A few moments later Carol, the facilities vet tech and person in charge that day, led the woman around the corner toward us.  The woman said, “Oh, are you Doug Bittinger?” but she said my name in a manner that caused me much confusion.  She said it as though it meant something: someone of importance that she was excited to meet.  What unfolded over the next few minutes was astounding.

A man joined us and it turned out these were Marcie and Bob D., who had adopted a dog named Drake almost 5 years ago (Oct 2014). We had fostered Drake.  But, they adopted him from Eleventh Hour Rescue in New Jersey.  What were they doing here in Newport TN?  That’s the astounding part.

They have since moved from their apartment in New Jersey to an acreage in Kentucky and were on their way to Asheville today.  As they drove, they saw a sign indicating that Newport was ahead and Marcie said, “I’m sure Newport is where Eli is from (Drake is now named Eli, after their son’s favorite football player), let’s see if we can find that shelter.”  So they pulled off the interstate and poked around until they found what was, 5 years ago, known as the Newport Animal Shelter.  And they just happened to arrive during the one moment of eternity that Marie and I also happened to be there.

I am not a statistician, but I’m pretty sure the odds of something like this just happening is astronomical!

We remember Drake because he was a particularly bright, well behaved dog, and because he was one of the few dogs who was adopted the same day he arrived at the facility Steele Away Home – Canine Foster and Rescue sent him to.  Marcie has kept in touch over the years by sending occasional photos and updates (something we really appreciate, by the way). They gave us the story behind his rapid adoption and caught us up on their lives and the ways Eli has enriched it. It was wonderful meeting them in person and hearing all about Eli’s new life in the country.

But I’m still marveling at the way our paths crossed, from such distances, at that one place, in that one moment, to form that experience.  God does work in mysterious ways!

Bob, Marcie, Marie



Sofa Sleeping

I’ve been sleeping on the sofa the past couple of nights because Lil Blue (a dog Marie and I rescued from a bad situation – ) NEEDS to be able to see someone all the time or he howls like a banshee and no one gets any sleep.

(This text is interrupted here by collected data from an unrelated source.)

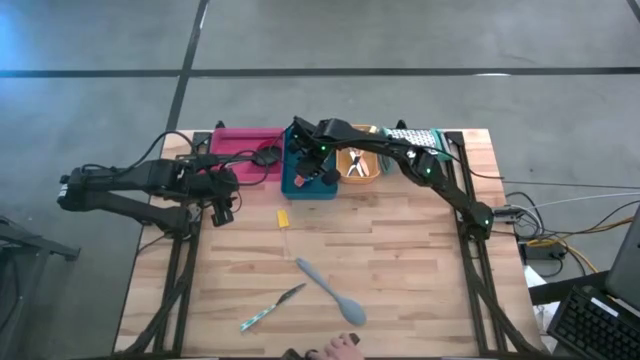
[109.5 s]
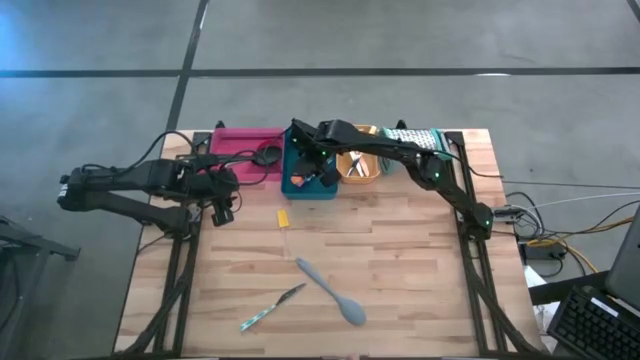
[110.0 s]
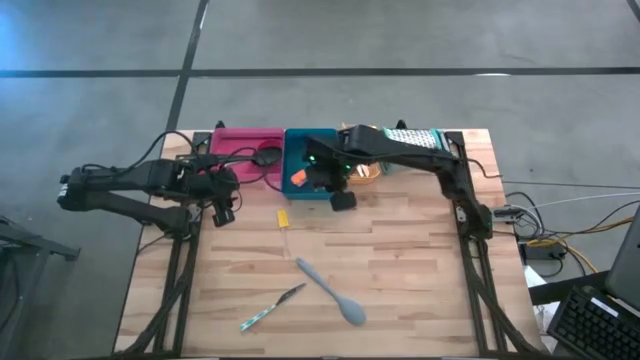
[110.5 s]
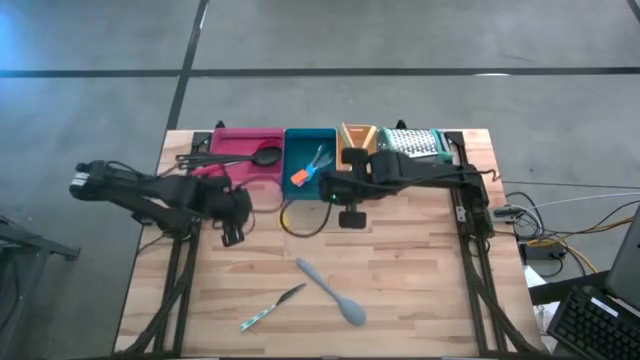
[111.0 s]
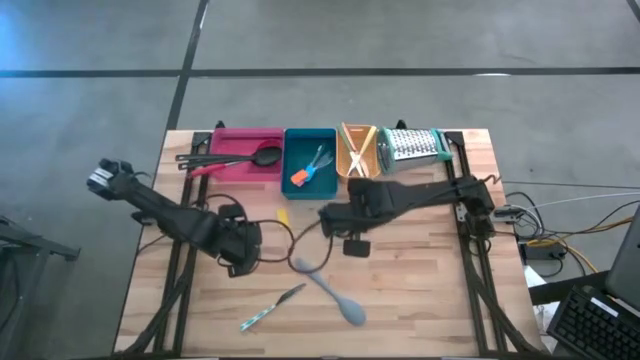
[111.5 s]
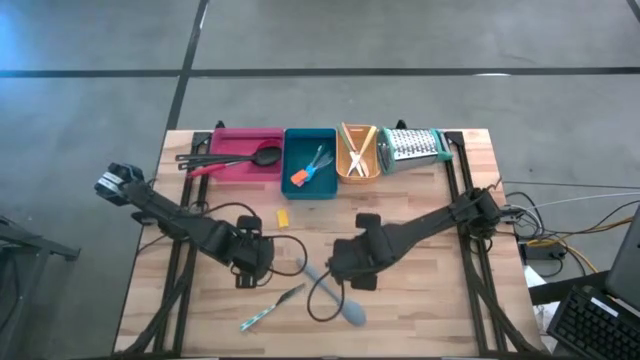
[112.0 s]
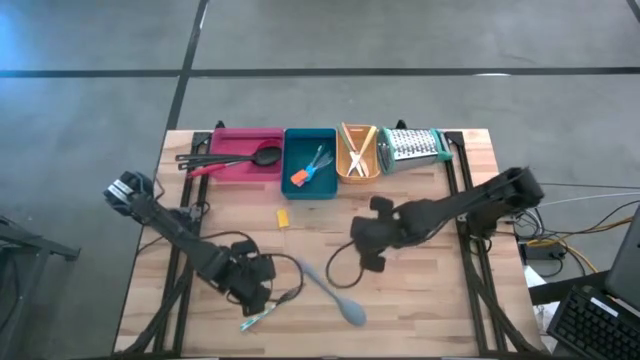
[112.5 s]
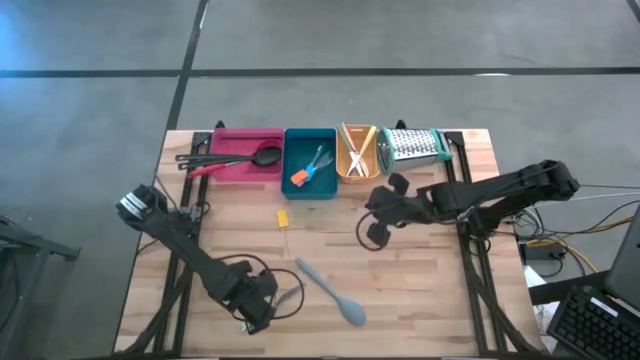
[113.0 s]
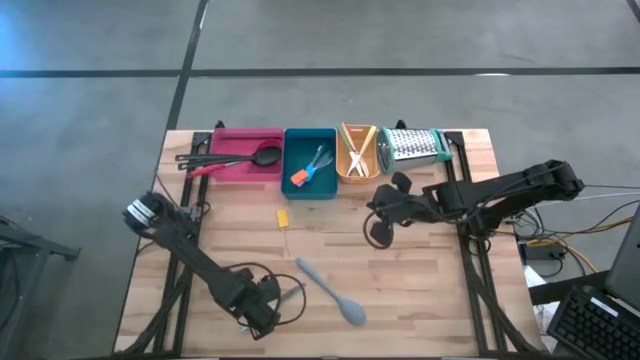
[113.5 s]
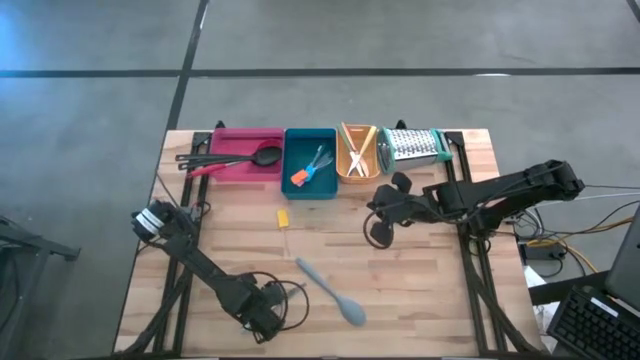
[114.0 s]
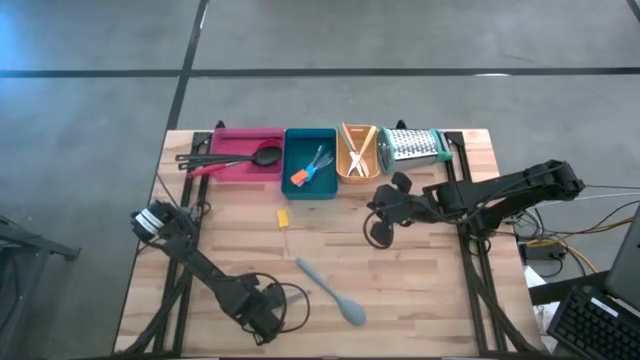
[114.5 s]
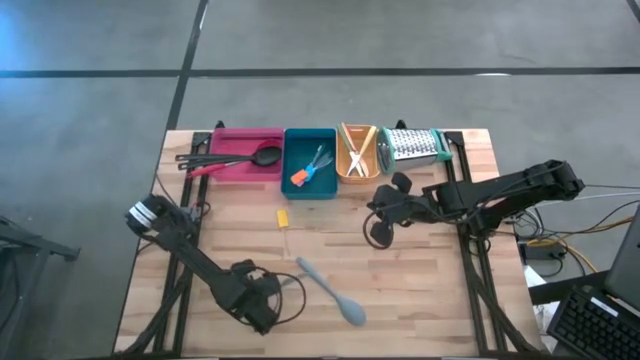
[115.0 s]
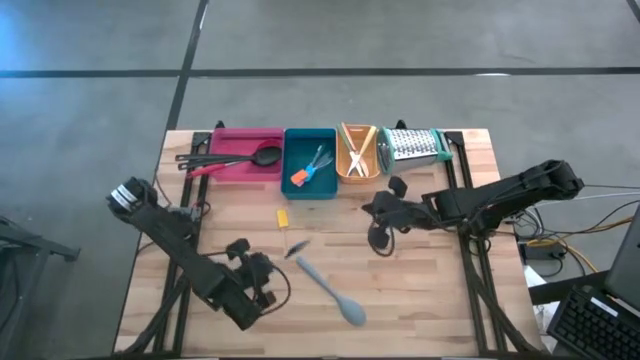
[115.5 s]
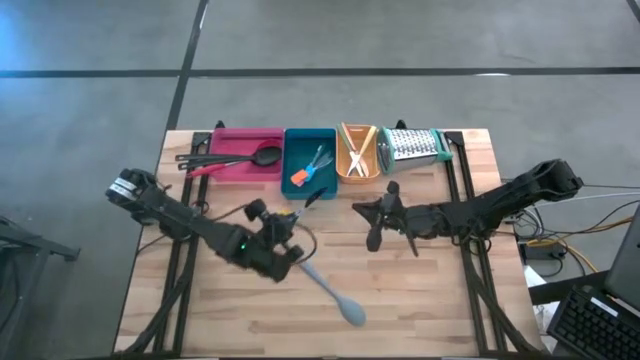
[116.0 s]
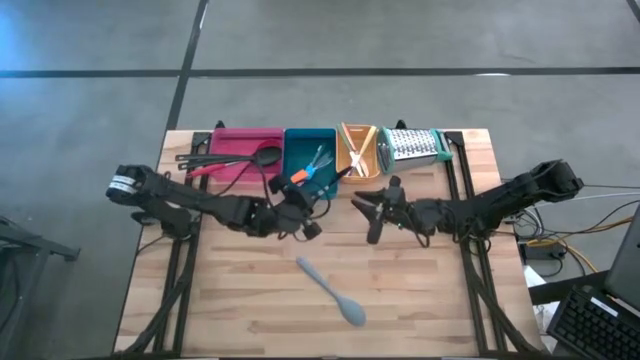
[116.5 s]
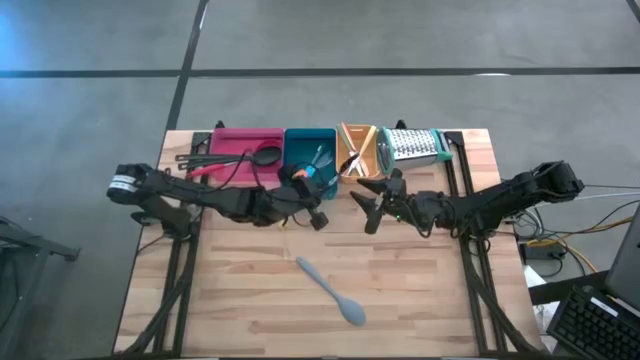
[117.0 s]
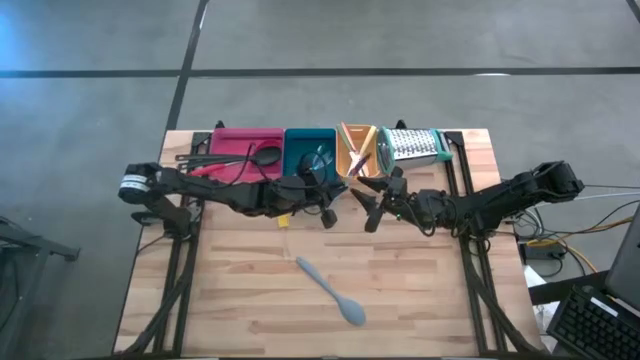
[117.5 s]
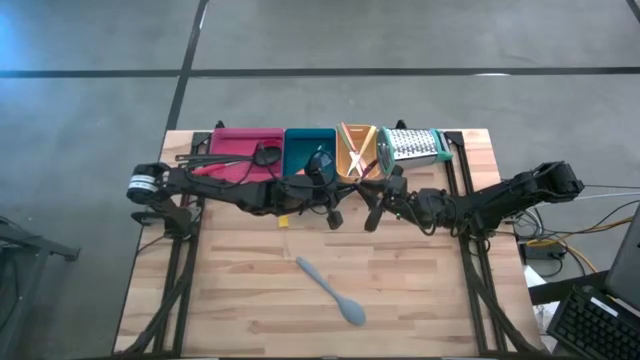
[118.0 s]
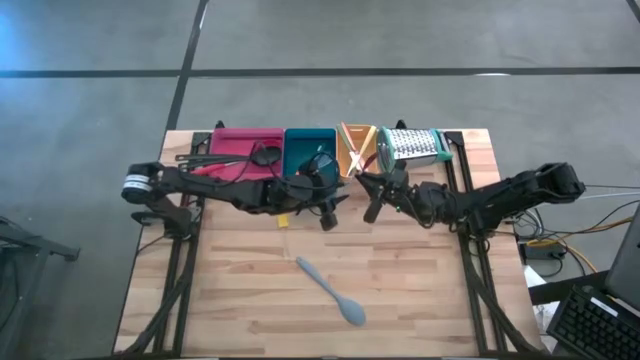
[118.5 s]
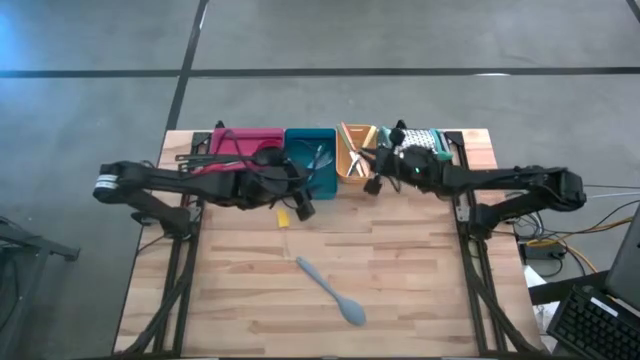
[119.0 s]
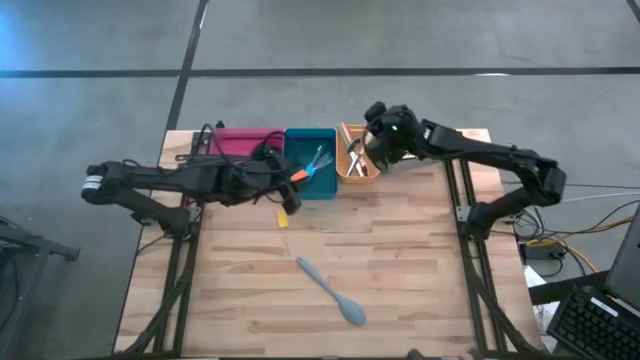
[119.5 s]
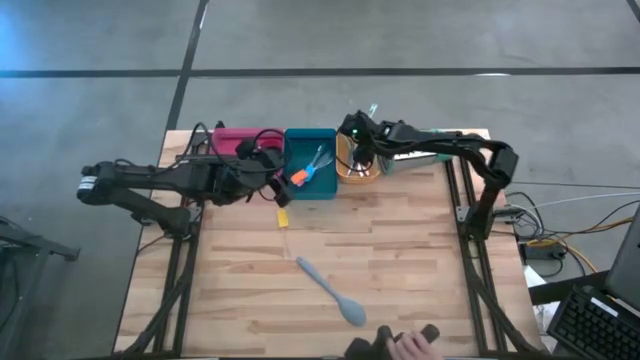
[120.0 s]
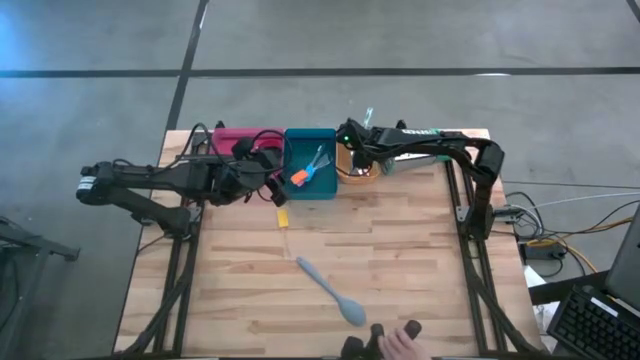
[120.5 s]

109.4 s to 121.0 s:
Put the blue knife into the yellow bin

He is doing better already, but he does get anxious if I leave him for more than a couple of minutes.  And since we’ve already got 5 dogs sleeping in the bedroom with us, there is no room for one in a crate.  So I sleep on the sofa with Blue’s crate nearby.

Last night he only fussed at me twice, once at 11:30 and once around 3:00.  Both times he seemed to be in need so I took him outside.  He “produced” both times then went back to the door, into his crate, and back to sleep.

Blaze has only recently earned the privilege of free-range sleeping and has been reveling in being able to sack out on a cushy dog bed on my side of the people bed to sleep.  But last night my big brown buddy Blaze decided to forego sleeping in the air-conditioned comfort of the bedroom and curled up on the dog bed in the living room with Blue and me.  Blaze is such a lovey, dedicated fellow.  I love that boy!

So it is with mixed emotions that I read the Facebook post this morning that listed the dogs going on the next Steele Away Home rescue run and found Blazes name on the list – along with two others of my pack, Sable and Cinnamon.  I’m thrilled that Blaze will be going out to find his forever home, but I will miss him terribly.  He’s such a sweet boy.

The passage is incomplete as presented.